## What needs to be done
Every line below should come back exactly as written, though the pictures stay out.

Extracted records:
BEGIN

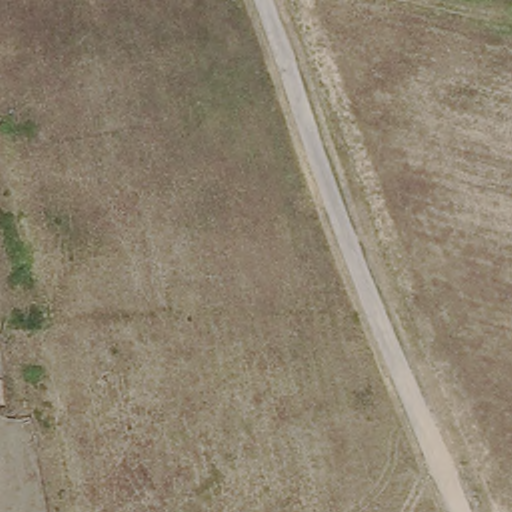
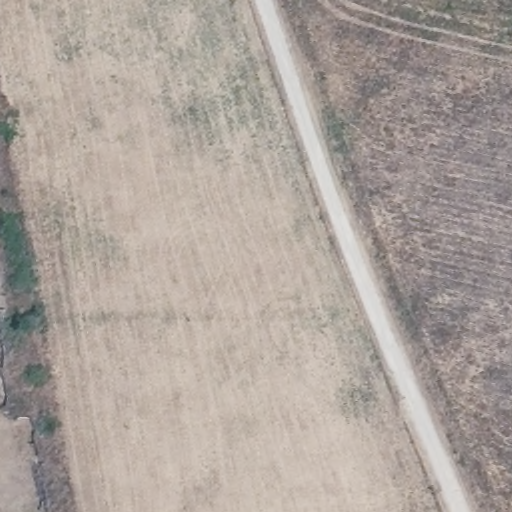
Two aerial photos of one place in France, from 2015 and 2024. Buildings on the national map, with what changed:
[]

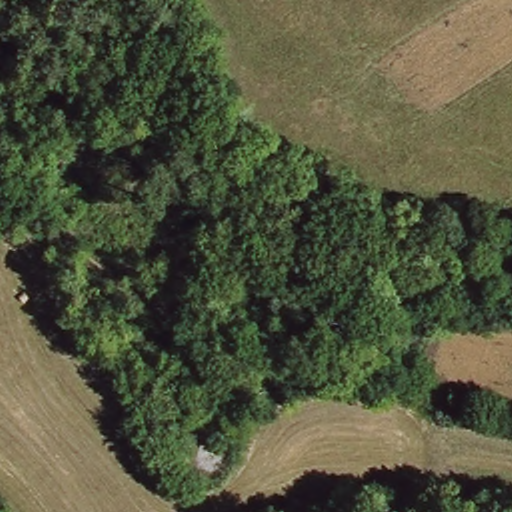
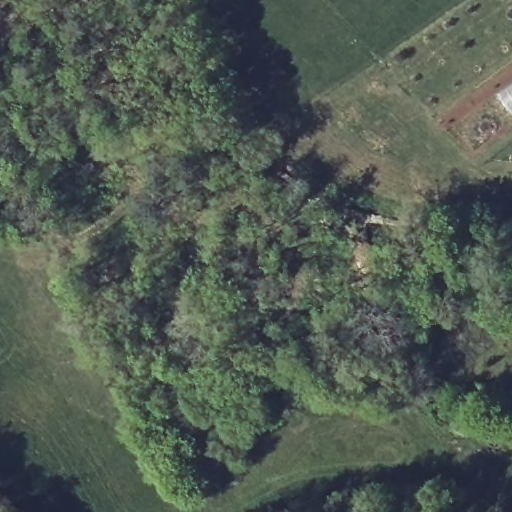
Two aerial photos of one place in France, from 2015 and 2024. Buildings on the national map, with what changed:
[]

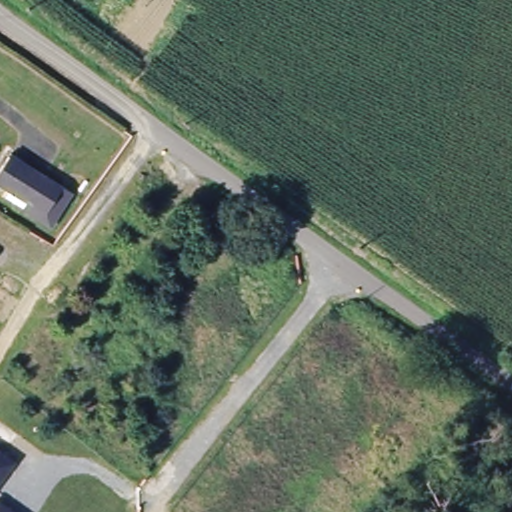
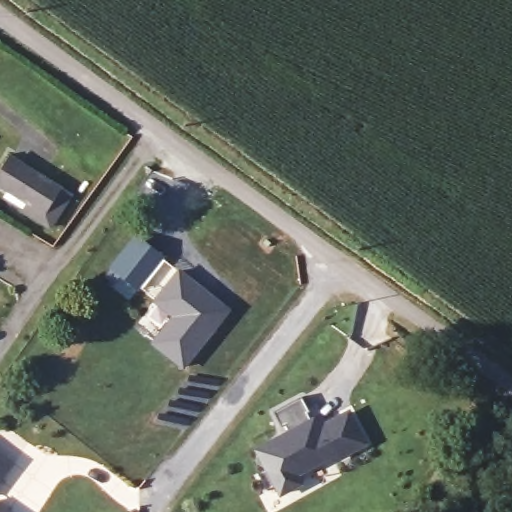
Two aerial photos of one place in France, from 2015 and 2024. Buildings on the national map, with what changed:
unchanged [(50,208),(39,221),(12,204),(18,195),(0,179),(0,160),(10,147),(53,181),(65,190),(50,208)]
new [(152,302),(154,300),(152,299),(140,288),(129,301),(100,278),(136,232),(165,257),(179,268),(234,309),(185,370),(150,342),(168,318),(152,302)]
new [(298,439),(294,431),(290,434),(282,418),(310,403),(318,419),(316,420),(320,427),(322,426),(328,423),(332,432),(357,419),(374,451),(342,467),(340,463),(304,481),(308,490),(288,501),(285,493),(275,497),(265,479),(275,474),(267,461),(265,456),(283,447),(298,439)]
unchanged [(15,460),(0,481),(0,449),(15,460)]
unchanged [(16,512),(0,512),(0,500),(16,512)]

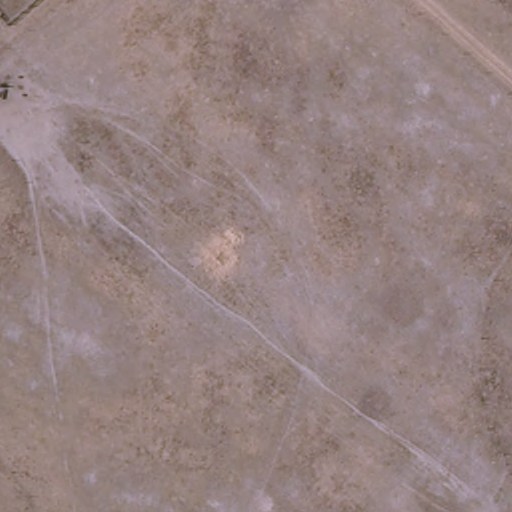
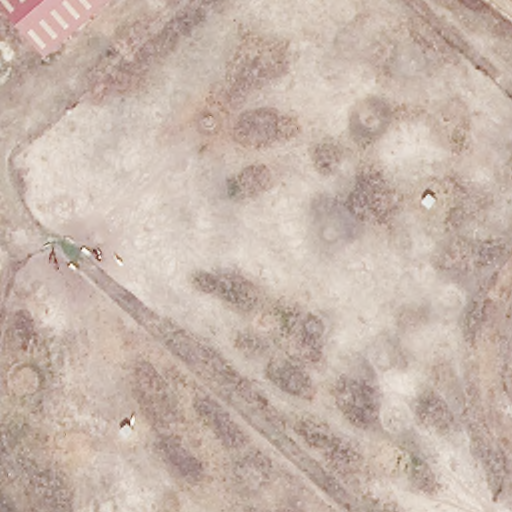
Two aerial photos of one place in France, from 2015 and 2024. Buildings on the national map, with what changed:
new [(0,5),(0,0),(117,0),(48,59),(0,5)]

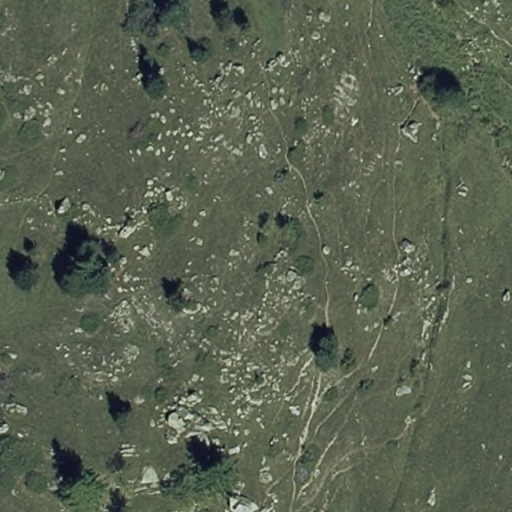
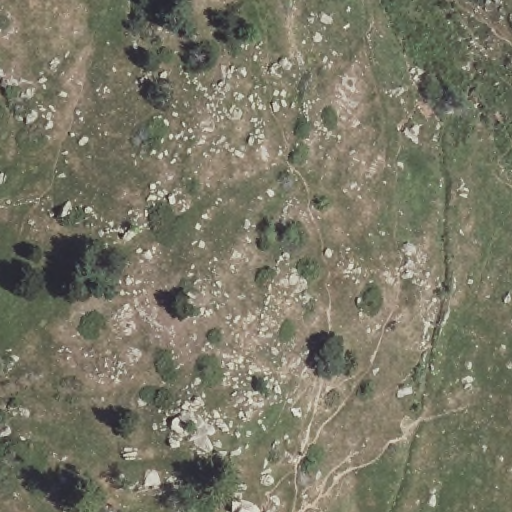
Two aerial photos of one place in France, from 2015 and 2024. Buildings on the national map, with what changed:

END

## Response area
Two aerial photos of one place in France, from 2015 and 2024. Buildings on the national map, with what changed:
[]

Two aerial photos of one place in France, from 2015 and 2024. Buildings on the national map, with what changed:
[]

Two aerial photos of one place in France, from 2015 and 2024. Buildings on the national map, with what changed:
unchanged [(50,208),(39,221),(12,204),(18,195),(0,179),(0,160),(10,147),(53,181),(65,190),(50,208)]
new [(152,302),(154,300),(152,299),(140,288),(129,301),(100,278),(136,232),(165,257),(179,268),(234,309),(185,370),(150,342),(168,318),(152,302)]
new [(298,439),(294,431),(290,434),(282,418),(310,403),(318,419),(316,420),(320,427),(322,426),(328,423),(332,432),(357,419),(374,451),(342,467),(340,463),(304,481),(308,490),(288,501),(285,493),(275,497),(265,479),(275,474),(267,461),(265,456),(283,447),(298,439)]
unchanged [(15,460),(0,481),(0,449),(15,460)]
unchanged [(16,512),(0,512),(0,500),(16,512)]

Two aerial photos of one place in France, from 2015 and 2024. Buildings on the national map, with what changed:
new [(0,5),(0,0),(117,0),(48,59),(0,5)]

Two aerial photos of one place in France, from 2015 and 2024. Buildings on the national map, with what changed:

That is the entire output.